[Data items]
--- START ---
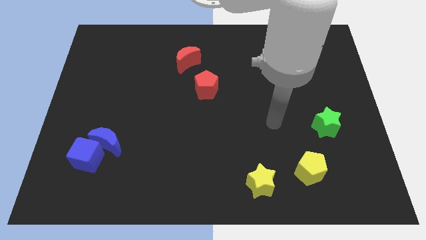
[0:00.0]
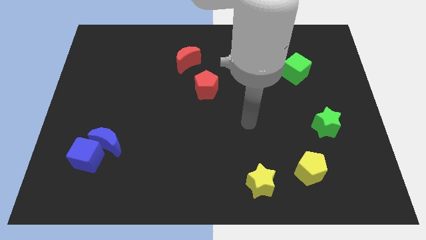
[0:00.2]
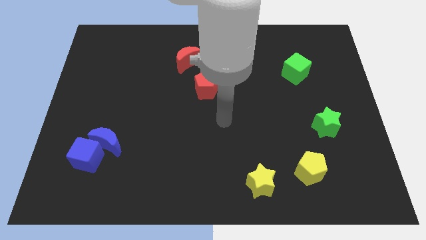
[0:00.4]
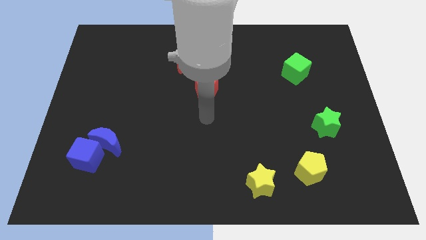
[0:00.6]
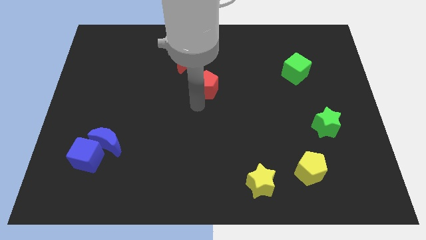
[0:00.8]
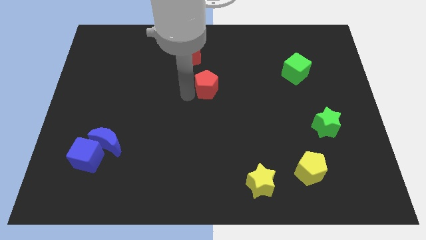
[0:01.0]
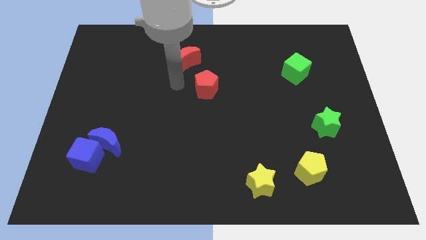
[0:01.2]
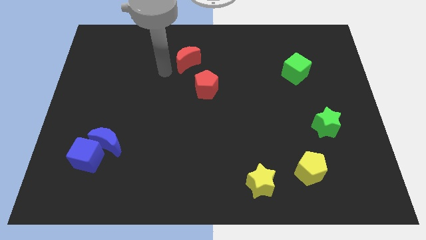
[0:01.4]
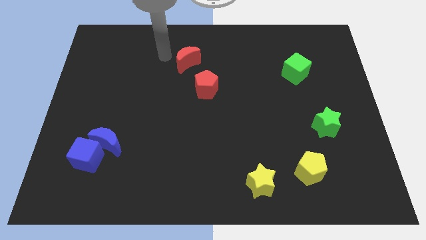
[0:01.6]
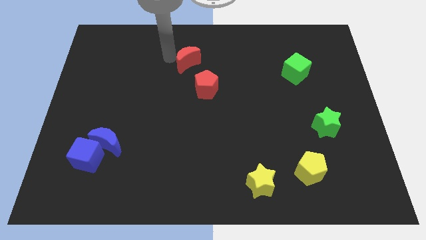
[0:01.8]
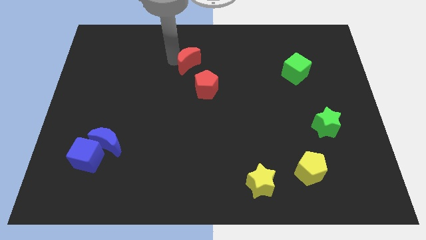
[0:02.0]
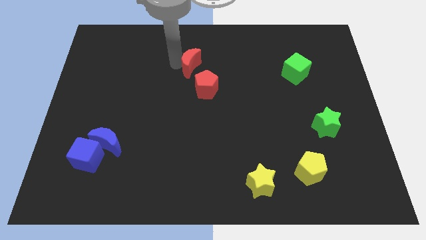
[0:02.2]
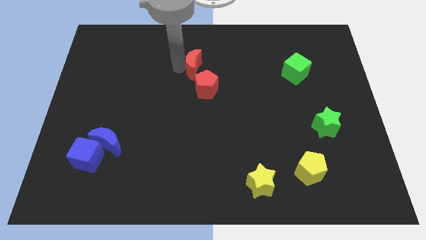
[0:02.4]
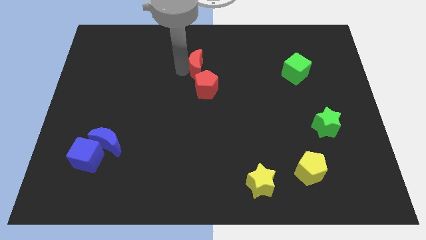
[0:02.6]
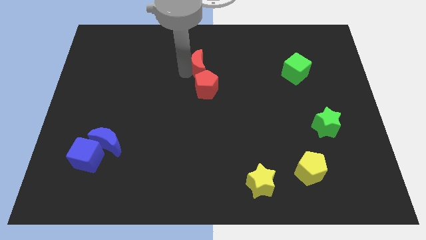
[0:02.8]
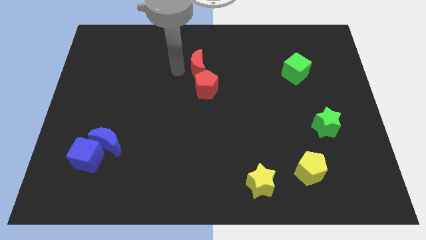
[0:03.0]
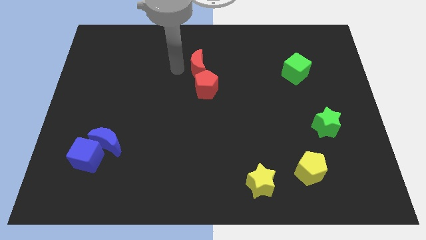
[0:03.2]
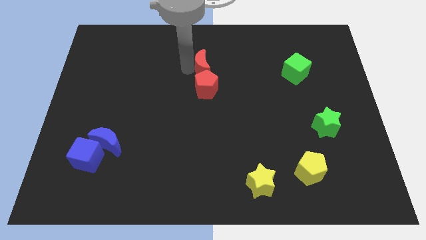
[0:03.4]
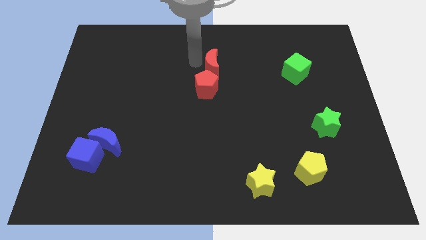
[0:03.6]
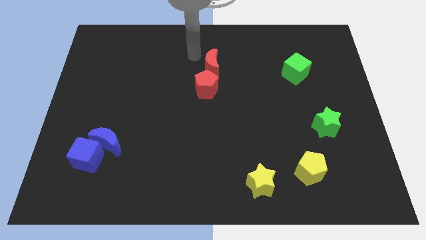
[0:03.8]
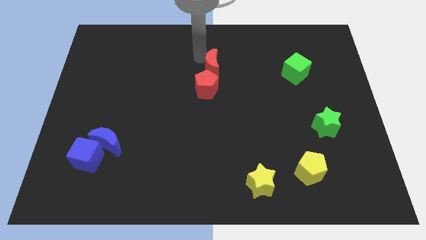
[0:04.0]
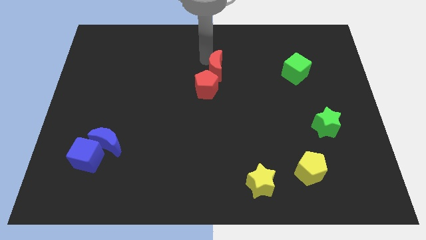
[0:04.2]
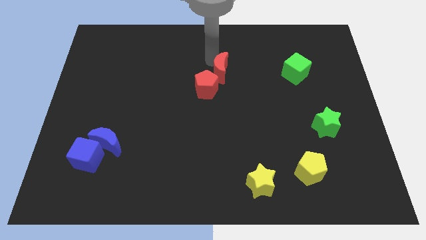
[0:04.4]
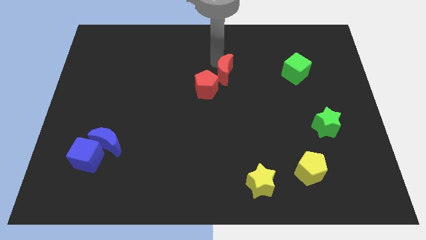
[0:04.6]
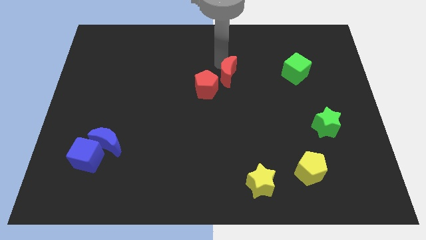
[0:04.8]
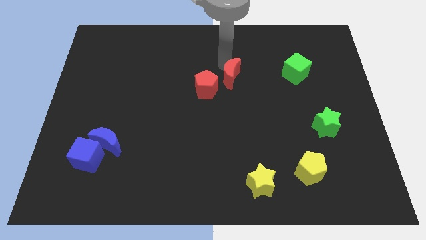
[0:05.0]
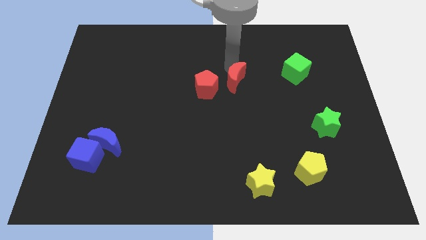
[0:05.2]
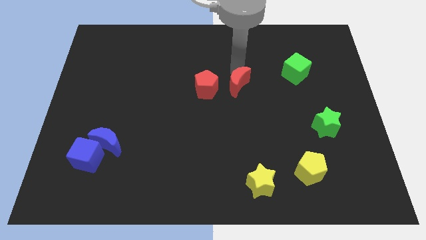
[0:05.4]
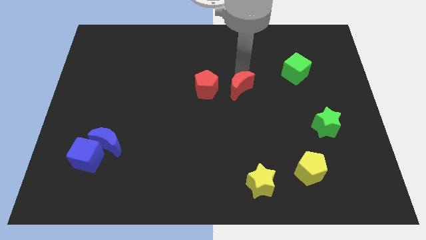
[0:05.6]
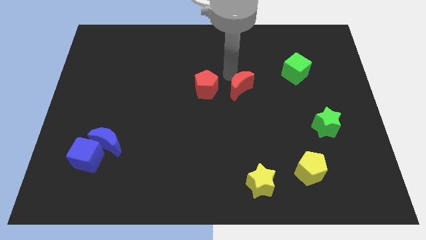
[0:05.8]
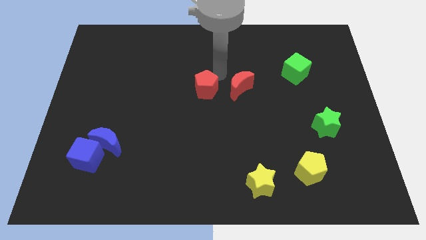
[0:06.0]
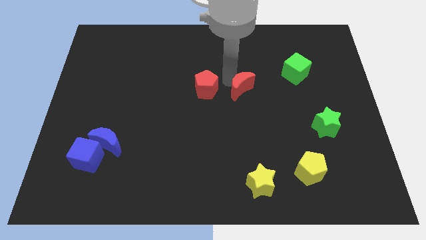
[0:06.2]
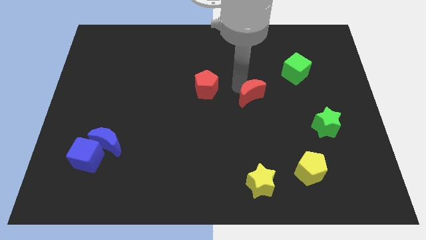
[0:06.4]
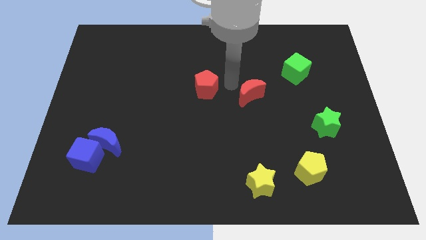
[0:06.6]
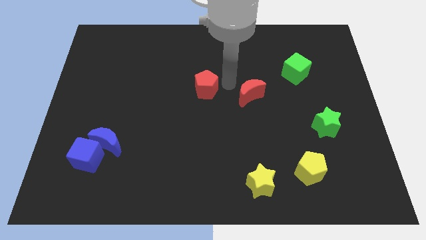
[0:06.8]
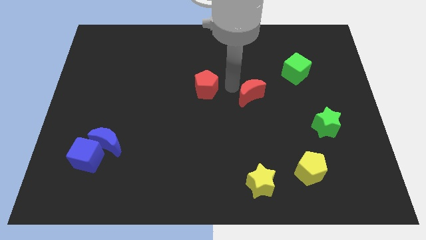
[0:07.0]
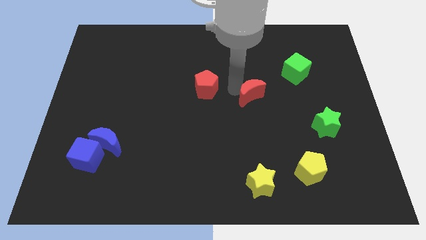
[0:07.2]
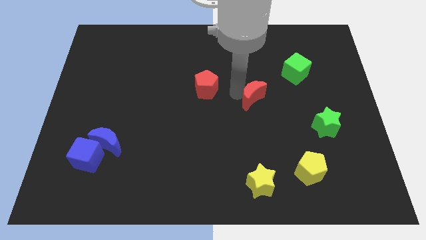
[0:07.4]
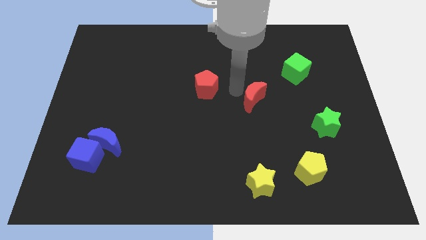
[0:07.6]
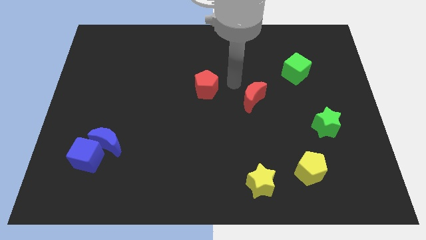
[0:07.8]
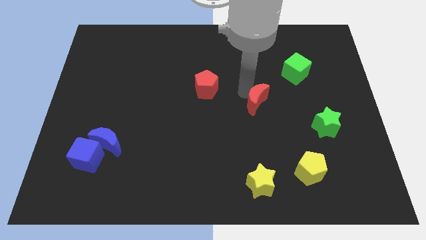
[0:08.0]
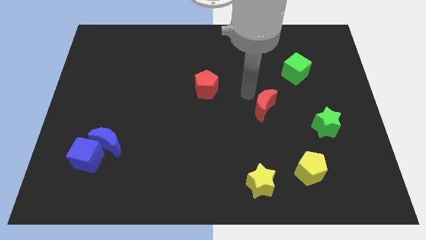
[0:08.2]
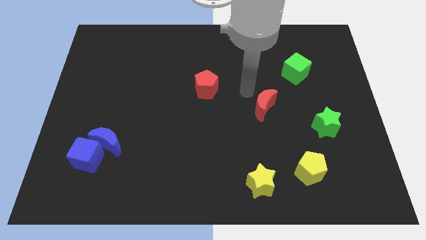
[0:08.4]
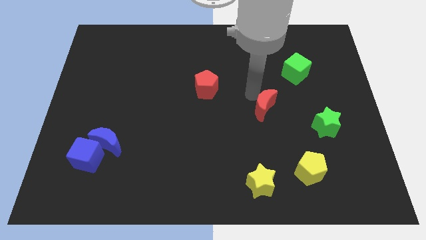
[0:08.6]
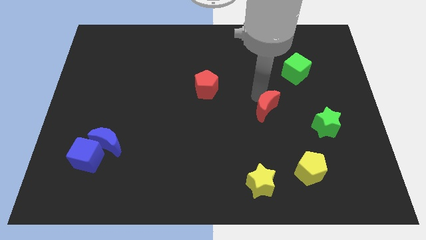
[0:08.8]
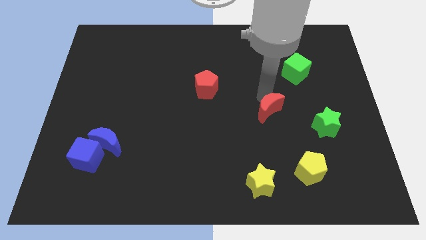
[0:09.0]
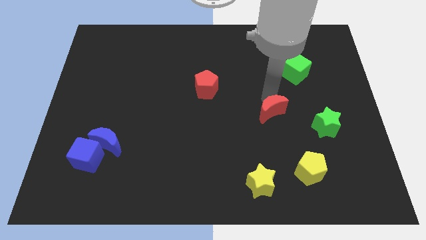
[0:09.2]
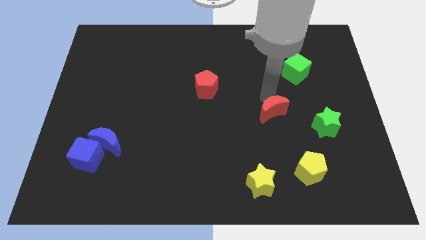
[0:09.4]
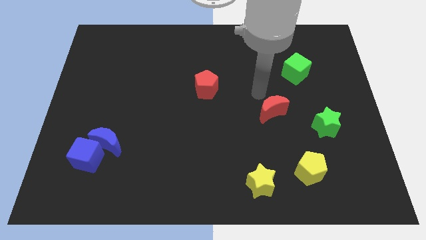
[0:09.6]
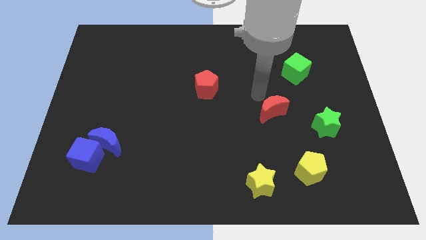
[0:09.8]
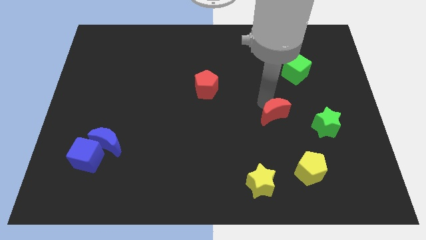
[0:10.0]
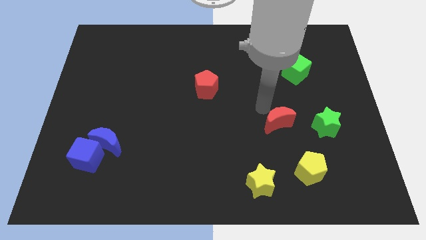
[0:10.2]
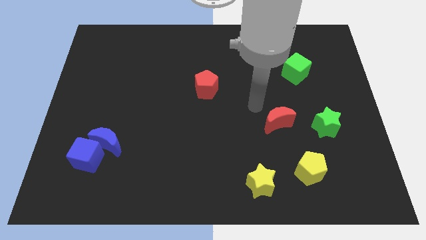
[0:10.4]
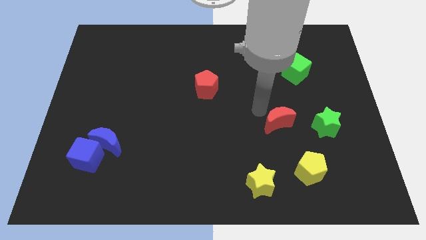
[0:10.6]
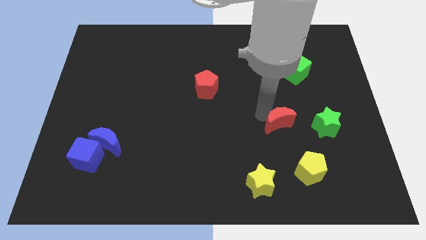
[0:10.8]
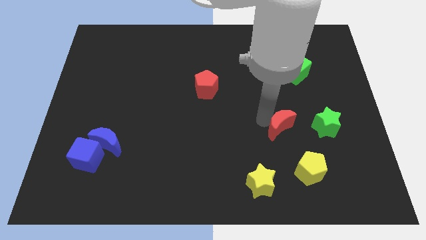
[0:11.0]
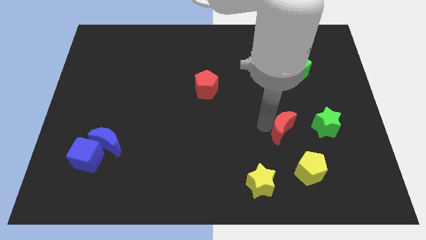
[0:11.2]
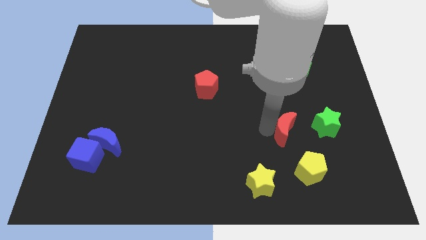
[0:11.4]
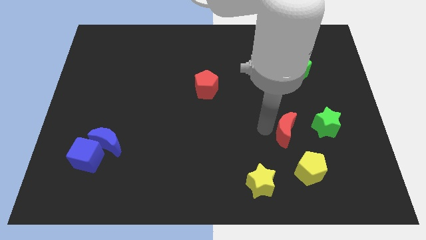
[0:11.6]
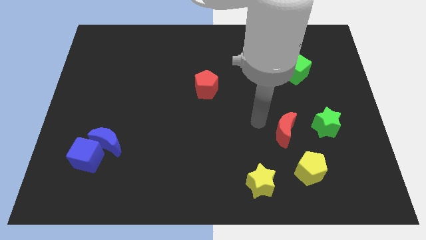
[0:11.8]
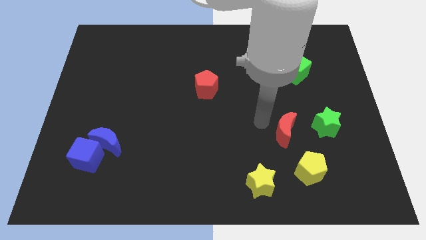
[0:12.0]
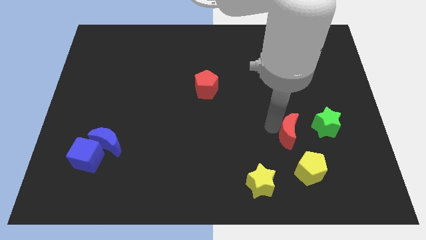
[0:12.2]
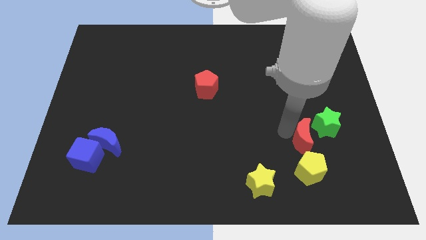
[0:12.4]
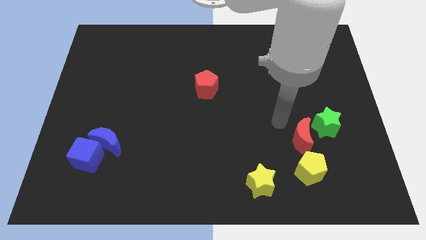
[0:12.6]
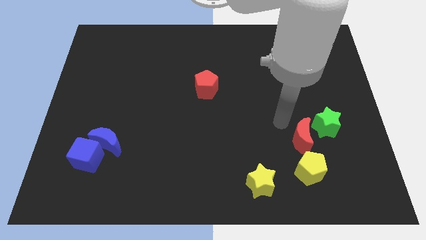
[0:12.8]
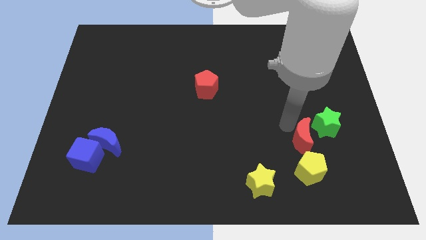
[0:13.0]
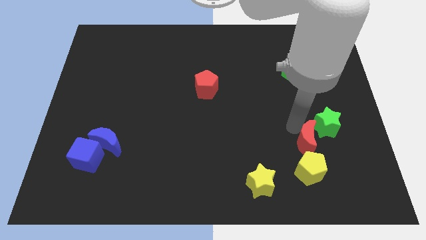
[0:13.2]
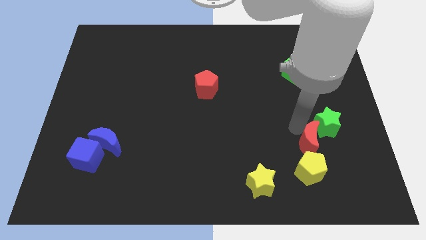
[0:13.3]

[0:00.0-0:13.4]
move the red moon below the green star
--- END ---
* [Exercise instructions]:
Write out the data exactly, but not its pictures.

* [Exercise solution]:
[0:00.0]
[0:00.2]
[0:00.4]
[0:00.6]
[0:00.8]
[0:01.0]
[0:01.2]
[0:01.4]
[0:01.6]
[0:01.8]
[0:02.0]
[0:02.2]
[0:02.4]
[0:02.6]
[0:02.8]
[0:03.0]
[0:03.2]
[0:03.4]
[0:03.6]
[0:03.8]
[0:04.0]
[0:04.2]
[0:04.4]
[0:04.6]
[0:04.8]
[0:05.0]
[0:05.2]
[0:05.4]
[0:05.6]
[0:05.8]
[0:06.0]
[0:06.2]
[0:06.4]
[0:06.6]
[0:06.8]
[0:07.0]
[0:07.2]
[0:07.4]
[0:07.6]
[0:07.8]
[0:08.0]
[0:08.2]
[0:08.4]
[0:08.6]
[0:08.8]
[0:09.0]
[0:09.2]
[0:09.4]
[0:09.6]
[0:09.8]
[0:10.0]
[0:10.2]
[0:10.4]
[0:10.6]
[0:10.8]
[0:11.0]
[0:11.2]
[0:11.4]
[0:11.6]
[0:11.8]
[0:12.0]
[0:12.2]
[0:12.4]
[0:12.6]
[0:12.8]
[0:13.0]
[0:13.2]
[0:13.3]

[0:00.0-0:13.4]
move the red moon below the green star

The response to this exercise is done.